I have a play scala application running on play 2.7. this is used as a middleware for our frontend and it has rest end points.
Now I am running two different instances on cloud and using nginx and bound these two servers and load balance it with round robin.
Now I am having a problem that the servers goes down quite often i.e. 3 times a day and interesting thing is both server goes down at same time. When I looked at it says out of memory exception on the both servers.
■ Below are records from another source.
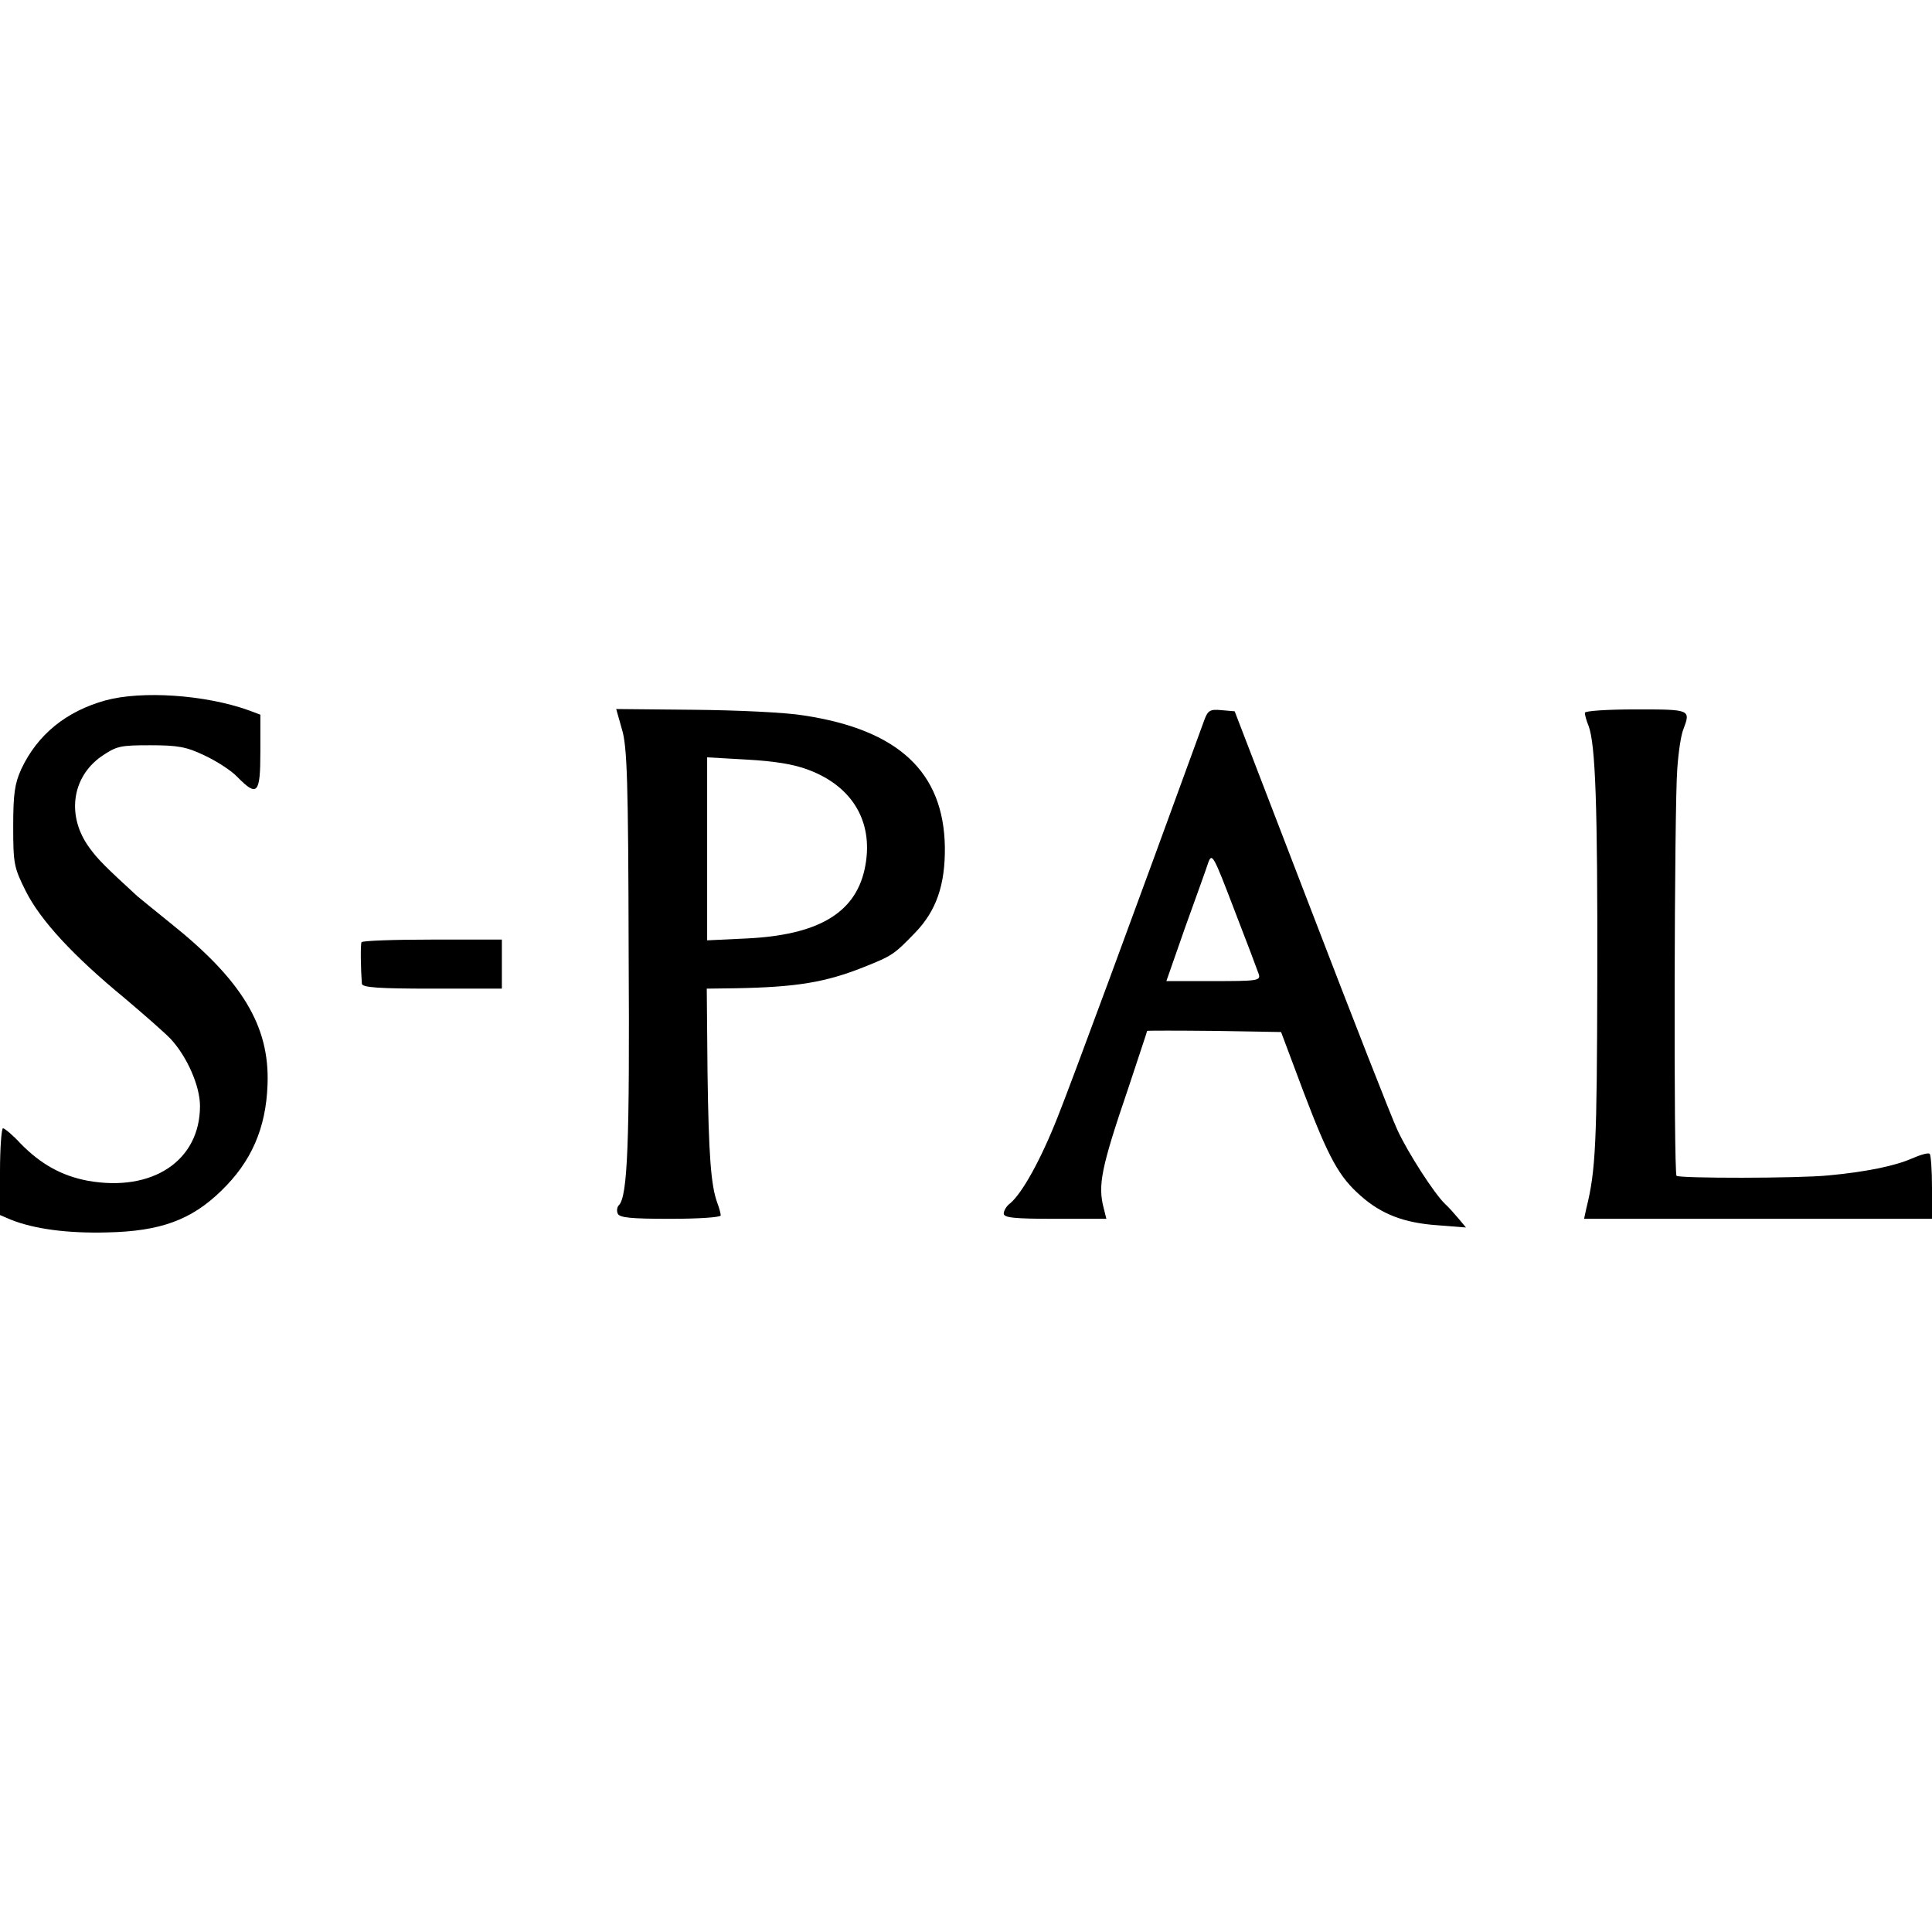 <?xml version="1.0" standalone="no"?>
<!DOCTYPE svg PUBLIC "-//W3C//DTD SVG 20010904//EN"
 "http://www.w3.org/TR/2001/REC-SVG-20010904/DTD/svg10.dtd">
<svg version="1.0" xmlns="http://www.w3.org/2000/svg"
 width="512pt" height="512pt" viewBox="0 0 512 512"
 preserveAspectRatio="xMidYMid meet">
<g transform="translate(0,512) scale(0.1,-0.1)"
fill="#000000" stroke="none">
<path d="M280 3264 c-105 -29 -181 -91 -224 -183 -17 -38 -21 -65 -21 -151 0
-99 2 -109 33 -171 39 -78 126 -172 262 -284 52 -44 108 -93 123 -109 43 -47
77 -124 77 -177 0 -145 -126 -229 -298 -198 -68 13 -123 43 -177 98 -21 23
-43 41 -47 41 -4 0 -8 -52 -8 -115 l0 -115 28 -12 c62 -25 152 -37 257 -34
140 3 222 33 301 110 80 77 119 166 123 282 6 155 -68 277 -259 429 -41 33
-80 65 -86 70 -85 78 -105 98 -126 127 -62 83 -49 187 30 243 41 28 50 30 130
30 73 0 96 -4 144 -27 32 -15 71 -40 87 -57 53 -54 61 -45 61 67 l0 98 -32 12
c-115 41 -282 52 -378 26z"/>
<path d="M1648 3188 c14 -45 17 -136 18 -593 3 -509 -3 -646 -26 -669 -5 -5
-6 -15 -3 -22 4 -11 35 -14 139 -14 76 0 134 4 134 9 0 5 -4 20 -9 33 -17 46
-23 127 -26 346 l-2 222 76 1 c164 3 239 16 340 56 75 30 80 33 136 91 56 58
80 126 79 227 -3 199 -123 311 -374 349 -47 8 -178 14 -291 15 l-206 2 15 -53z
m494 -108 c121 -45 176 -144 149 -265 -26 -116 -125 -173 -312 -182 l-105 -5
0 242 0 243 105 -6 c72 -4 124 -12 163 -27z"/>
<path d="M3192 3213 c-189 -519 -353 -963 -389 -1053 -45 -114 -94 -202 -126
-229 -10 -7 -17 -20 -17 -27 0 -11 27 -14 136 -14 l136 0 -7 28 c-16 61 -7
107 65 318 27 82 50 150 50 152 0 1 80 1 177 0 l178 -3 60 -160 c67 -176 94
-224 151 -274 55 -49 116 -72 203 -78 l76 -6 -20 24 c-11 13 -27 31 -36 39
-28 27 -98 135 -126 196 -15 32 -118 295 -229 584 l-202 525 -35 3 c-30 3 -36
-1 -45 -25z m144 -675 c5 -17 -5 -18 -120 -18 l-125 0 50 143 c28 78 56 155
61 171 10 27 14 19 69 -125 33 -85 62 -162 65 -171z"/>
<path d="M4200 3231 c0 -5 4 -21 10 -35 18 -49 24 -206 23 -671 -1 -434 -4
-507 -29 -607 l-6 -28 461 0 461 0 0 83 c0 46 -3 86 -6 89 -3 4 -24 -2 -47
-12 -45 -20 -124 -36 -222 -45 -79 -8 -395 -8 -402 -1 -8 8 -6 982 2 1079 3
44 10 90 16 104 20 53 19 53 -126 53 -77 0 -135 -4 -135 -9z"/>
<path d="M958 2623 c-3 -7 -2 -72 1 -110 1 -10 45 -13 186 -13 l185 0 0 65 0
65 -184 0 c-102 0 -186 -3 -188 -7z"/>
</g>
</svg>

I tried to print javaheapdump for out of memory but getting no dump . I am still analysing the thread dump to figure out what might be the actual cause of my server going down but what pins me is why the two servers are going down at the same time.
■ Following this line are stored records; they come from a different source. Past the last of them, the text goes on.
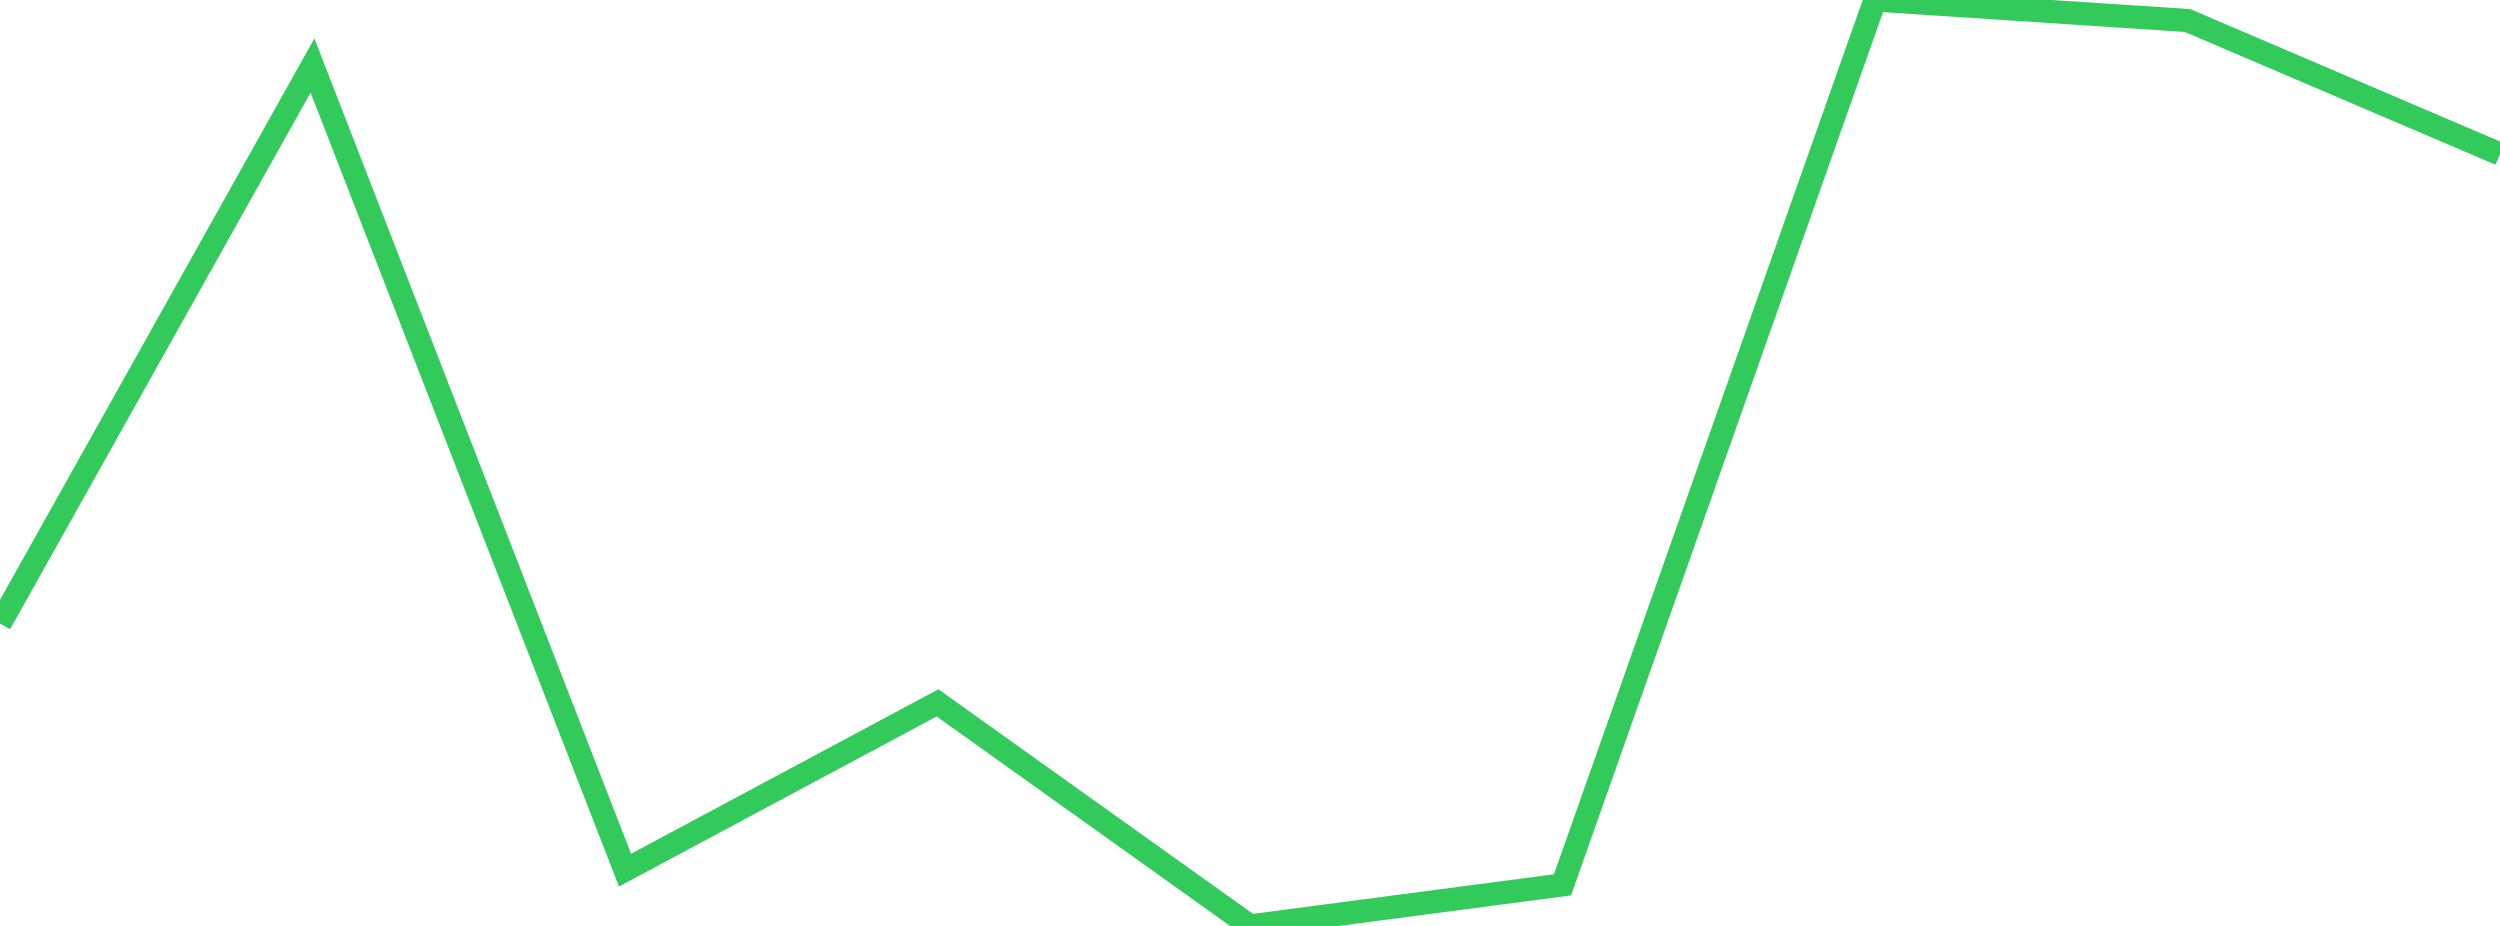 <?xml version="1.0" standalone="no"?>
<!DOCTYPE svg PUBLIC "-//W3C//DTD SVG 1.1//EN" "http://www.w3.org/Graphics/SVG/1.1/DTD/svg11.dtd">

<svg width="135" height="50" viewBox="0 0 135 50" preserveAspectRatio="none" 
  xmlns="http://www.w3.org/2000/svg"
  xmlns:xlink="http://www.w3.org/1999/xlink">


<polyline points="0.0, 33.672 16.875, 3.539 33.75, 46.987 50.625, 37.954 67.5, 50.0 84.375, 47.781 101.25, 0.0 118.125, 1.108 135.0, 8.319" fill="none" stroke="#32ca5b" stroke-width="1.25"/>

</svg>

Out of thread dump I see there are 7707 thread with sleeping state. here it is
"Connection evictor" #146 daemon prio=5 os_prio=0 cpu=2.33ms elapsed=1822.02s tid=0x00007f8a840c4800 nid=0x194 waiting on condition [0x00007f8a58a5e000]
java.lang.Thread.State: TIMED_WAITING (sleeping)
at java.lang.Thread.sleep(java.base#11/Native Method)
at org.apache.http.impl.client.IdleConnectionEvictor$1.run(IdleConnectionEvictor.java:66)
at java.lang.Thread.run(java.base#11/Thread.java:834)
This what I see when server goes down
[35966.967s][warning][os,thread] Failed to start thread - pthread_create failed (EAGAIN) for attributes: stacksize: 1024k, guardsize: 0k, detached.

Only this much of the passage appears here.